Photocatalytic N₂ fixation involves a nitrogen reduction reaction on the surface of the photocatalyst to convert N₂ into ammonia. Currently, the adsorption of N₂ is the limiting step for the N₂ reduction reaction on the surface of the catalyst. Based on the concept of photocatalytic water splitting, the photocatalytic efficiency can be greatly enhanced by introducing a co-catalyst. In this report, we proposed a new strategy, namely, the loading of a NiS co-catalyst on CdS nanorods for photocatalytic N₂ fixation. Theoretical calculation results indicated that N₂ was effectively adsorbed onto the NiS/CdS surface.
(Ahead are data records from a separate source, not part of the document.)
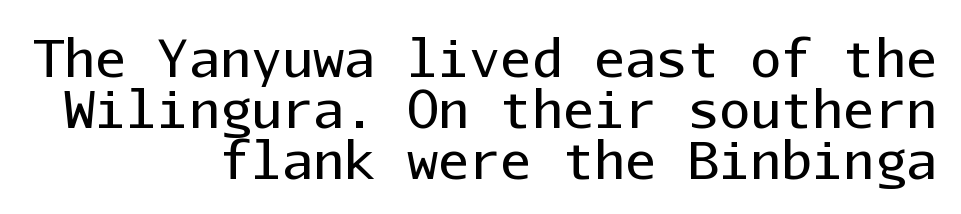
Q: Is the text bold? A: No.
Q: Is the text italic (slanted)? A: No, it is upright.
Q: Is the typeface a serif or a sans-serif typeface? A: Sans-serif.
Q: Is the text underlined? A: No.
Q: How is the paragraph aligned? A: Right-aligned.
Q: Is the spacing between letters normal or unusually wide? A: Normal.
Q: Is the spacing between lines tight, normal or loose? A: Tight.
Q: Width (condensed, normal, or wide)? A: Normal.
Q: Stroke contrast? A: Low.
Q: x-height? A: Medium.
Q: Monospaced? A: Yes.
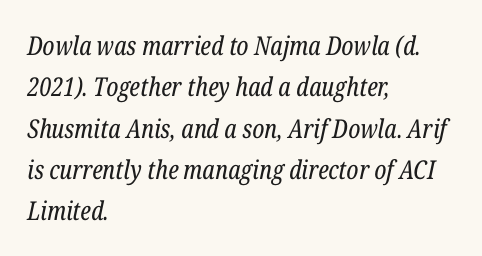
The image shows 26 px text type, italic (leaning right); set left-aligned, normal line spacing (1.59x), normal letter spacing, not underlined.
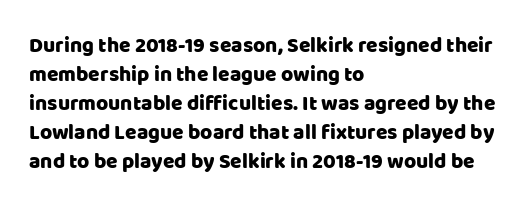
Does the leading feel generous? No, just average. Nobody touched the tracking dial on this one. This is the regular roman posture of the typeface. Visually the block forms a straight wall on the left and a jagged coastline on the right.
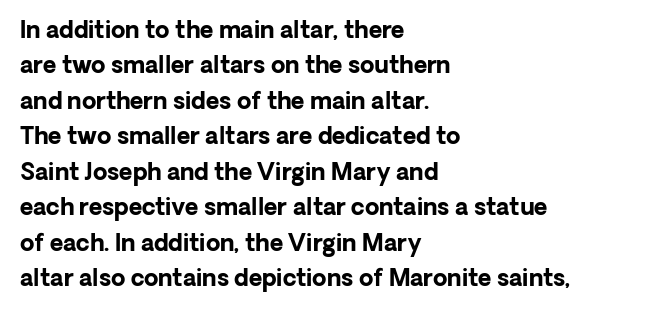
Q: Is the text bold? A: Yes.
Q: Is the text italic (slanted)? A: No, it is upright.
Q: Is the text underlined? A: No.
Q: How is the paragraph aligned? A: Left-aligned.
Q: Is the spacing between letters normal or unusually wide? A: Normal.
Q: Is the spacing between lines tight, normal or loose? A: Normal.
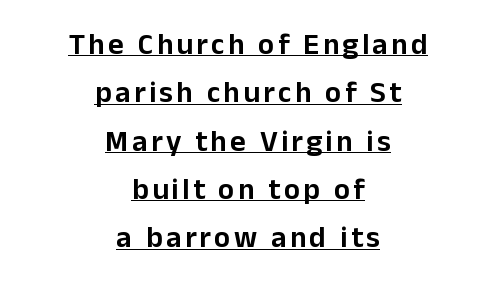
Q: Is the text italic (slanted)? A: No, it is upright.
Q: Is the typeface a serif or a sans-serif typeface? A: Sans-serif.
Q: Is the text underlined? A: Yes.
Q: How is the paragraph aligned? A: Centered.
Q: Is the spacing between lines tight, normal or loose? A: Normal.
Q: Width (condensed, normal, or wide)? A: Normal.
Q: Stroke contrast? A: Low.
Q: x-height? A: Medium.
Q: Monospaced? A: No.
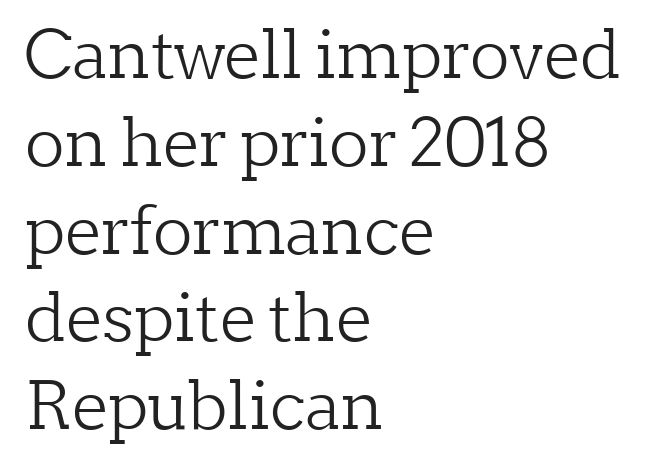
Q: Is the text bold? A: No.
Q: Is the text italic (slanted)? A: No, it is upright.
Q: Is the typeface a serif or a sans-serif typeface? A: Serif.
Q: Is the text underlined? A: No.
Q: How is the paragraph aligned? A: Left-aligned.
Q: Is the spacing between letters normal or unusually wide? A: Normal.
Q: Is the spacing between lines tight, normal or loose? A: Normal.
Q: Width (condensed, normal, or wide)? A: Normal.
Q: Stroke contrast? A: Low.
Q: x-height? A: Medium.
Q: Monospaced? A: No.
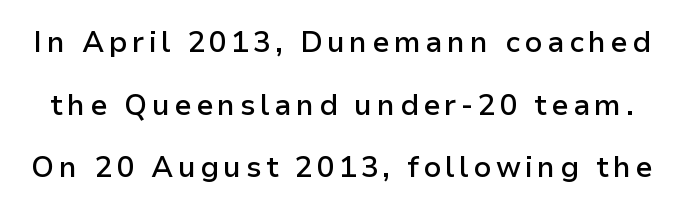
{"serif": "no", "italic": "no", "bold": "semi", "weight": "semibold", "width": "normal", "stroke_contrast": "low", "x_height": "medium", "monospaced": "no", "underline": "no", "line_spacing": "loose", "line_spacing_ratio": 2.16, "glyph_px": 29}
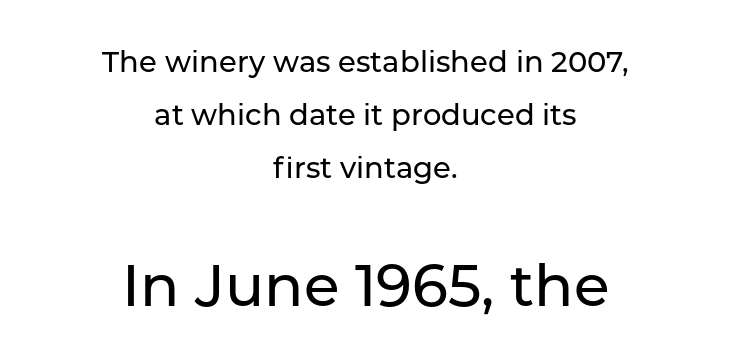
The designer gave the closing block more size than the opening block. The letters carry no serifs — their stems end cleanly without finishing strokes. Type without underlining. The rendering uses natural spacing where letterforms have individual widths. Where is the straight margin? There isn't one; the lines are centered. Default kerning and tracking; the words read as compact shapes.
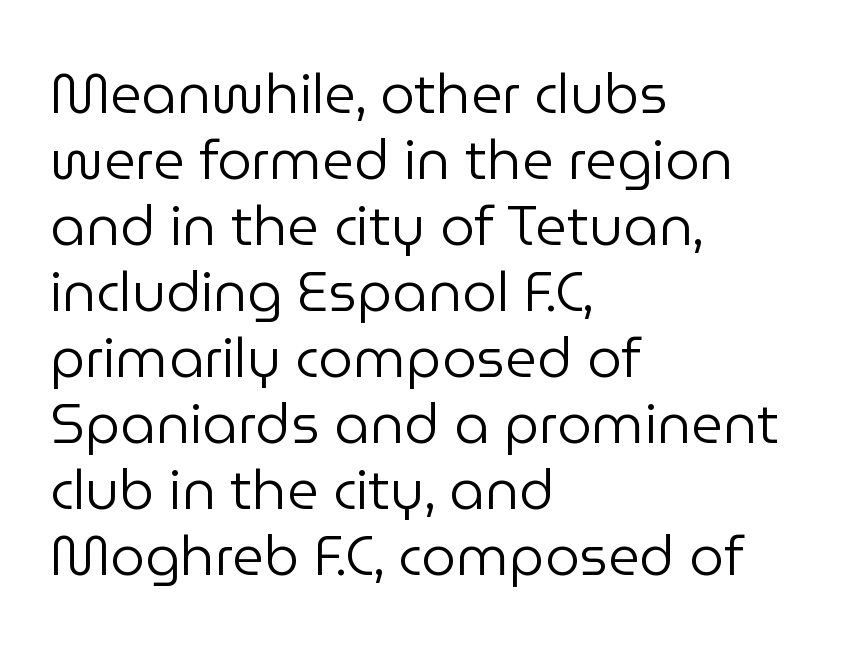
Tracking here is standard; glyphs follow each other at the usual distance. Here the designer chose a conventional face with non-uniform glyph widths. Font category for this specimen: sans-serif. This reads as an unemphasized weight, regular at the heaviest. You can tell it's not italic because the verticals are truly vertical. Just letters on the line, the space beneath them empty.
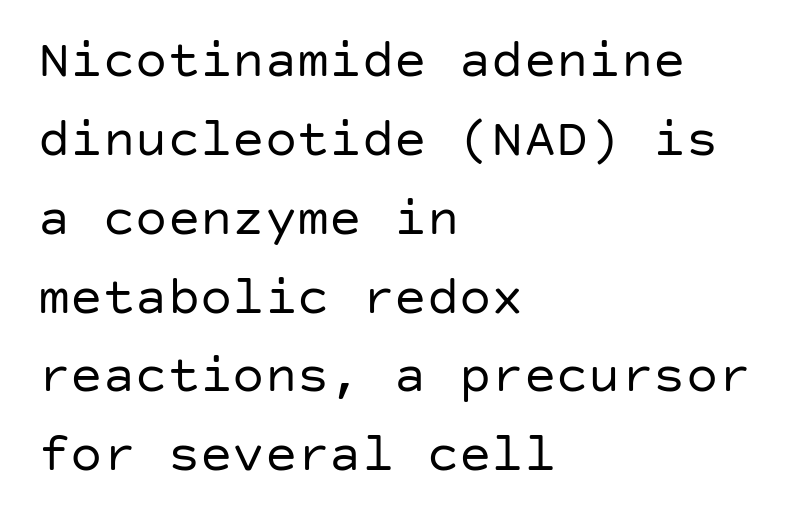
{"serif": "no", "italic": "no", "bold": "no", "weight": "regular", "width": "normal", "stroke_contrast": "low", "x_height": "large", "underline": "no", "align": "left", "line_spacing": "normal", "line_spacing_ratio": 1.46, "letter_spacing": "normal", "letter_spacing_em": 0.0, "glyph_px": 54}
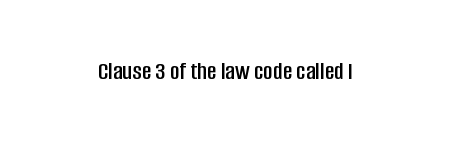
{"italic": "no", "underline": "no", "align": "center", "letter_spacing": "normal", "letter_spacing_em": 0.0, "glyph_px": 26}
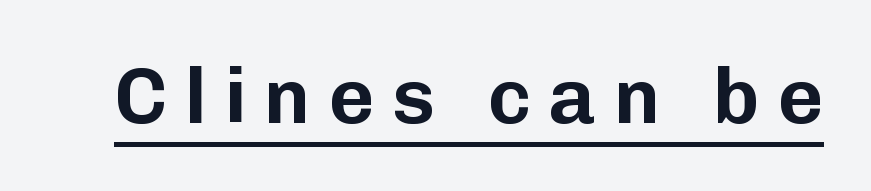
The image shows 79 px sans-serif type, upright; set unusually wide letter spacing (+0.22 em), underlined; low stroke contrast and a medium x-height.

Temperature programmed desorption studies confirmed that the N₂ molecules preferred to adsorb onto the NiS/CdS surface. Linear sweep voltammetry results revealed that the overpotential of the N₂ reduction reaction was reduced by loading NiS. Furthermore, transient photocurrent and electrochemical impedance spectroscopy indicated that the charge separation was enhanced by introducing NiS. Photocatalytic N₂ fixation was carried out in the presence of the catalyst dispersed in water without any sacrificial agent. As a result, 1.0 wt% NiS/CdS achieved an ammonia production rate of 2.8 and 1.7 mg L^-1 for the first hour under full spectrum and visible light (λ > 420 nm), respectively. The catalyst demonstrated apparent quantum efficiencies of 0.76%, 0.39% and 0.09% at 420, 475 and 520 nm, respectively. This study provides a new method to promote the photocatalytic efficiency of N₂ fixation.

Keywords: Co-catalyst; N(2) adsorption; N(2) fixation; NiS; Photocatalyst.